Given data:
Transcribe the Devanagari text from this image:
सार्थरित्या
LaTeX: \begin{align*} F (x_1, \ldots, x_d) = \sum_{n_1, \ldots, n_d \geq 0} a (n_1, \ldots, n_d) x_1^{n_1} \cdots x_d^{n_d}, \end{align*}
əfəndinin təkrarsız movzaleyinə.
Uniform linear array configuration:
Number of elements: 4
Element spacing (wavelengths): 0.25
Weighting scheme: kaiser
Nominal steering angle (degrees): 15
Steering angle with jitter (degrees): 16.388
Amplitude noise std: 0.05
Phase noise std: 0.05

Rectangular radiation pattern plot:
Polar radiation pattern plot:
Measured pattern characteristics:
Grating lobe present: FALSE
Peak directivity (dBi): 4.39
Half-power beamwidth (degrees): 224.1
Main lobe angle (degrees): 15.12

* * *

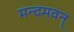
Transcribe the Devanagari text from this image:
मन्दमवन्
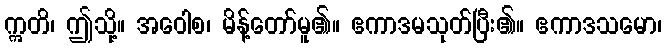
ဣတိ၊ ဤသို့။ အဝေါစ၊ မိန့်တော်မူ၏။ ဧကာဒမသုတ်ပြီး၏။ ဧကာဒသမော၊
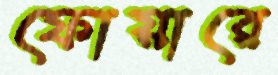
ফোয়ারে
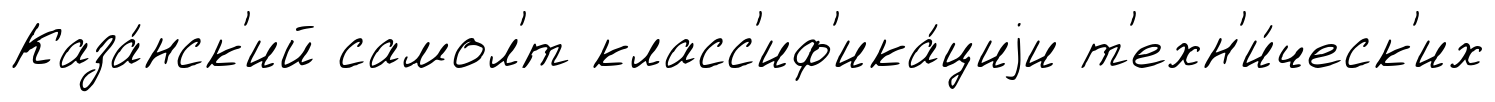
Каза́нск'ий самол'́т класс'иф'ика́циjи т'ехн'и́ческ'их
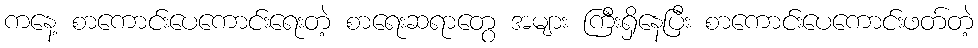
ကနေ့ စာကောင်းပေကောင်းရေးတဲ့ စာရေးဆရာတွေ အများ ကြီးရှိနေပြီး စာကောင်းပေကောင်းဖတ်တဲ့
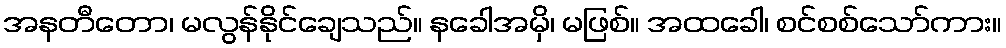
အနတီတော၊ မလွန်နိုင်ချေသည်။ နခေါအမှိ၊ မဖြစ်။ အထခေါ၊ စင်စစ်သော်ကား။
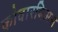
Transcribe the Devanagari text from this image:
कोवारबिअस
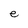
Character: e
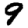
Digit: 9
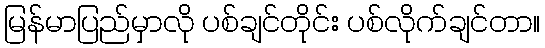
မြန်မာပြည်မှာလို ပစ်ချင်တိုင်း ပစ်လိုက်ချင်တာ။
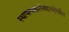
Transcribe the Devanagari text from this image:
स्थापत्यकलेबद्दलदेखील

Problem details: Beginning with the line holding "Nominal steering angle (degrees): 15" and ending with the line holding "Main lobe angle (degrees): 15.12", write out the stretch of material above exactly; add no further lines.

Answer section:
Nominal steering angle (degrees): 15
Steering angle with jitter (degrees): 16.388
Amplitude noise std: 0.05
Phase noise std: 0.05

Rectangular radiation pattern plot:
Polar radiation pattern plot:
Measured pattern characteristics:
Grating lobe present: FALSE
Peak directivity (dBi): 4.39
Half-power beamwidth (degrees): 224.1
Main lobe angle (degrees): 15.12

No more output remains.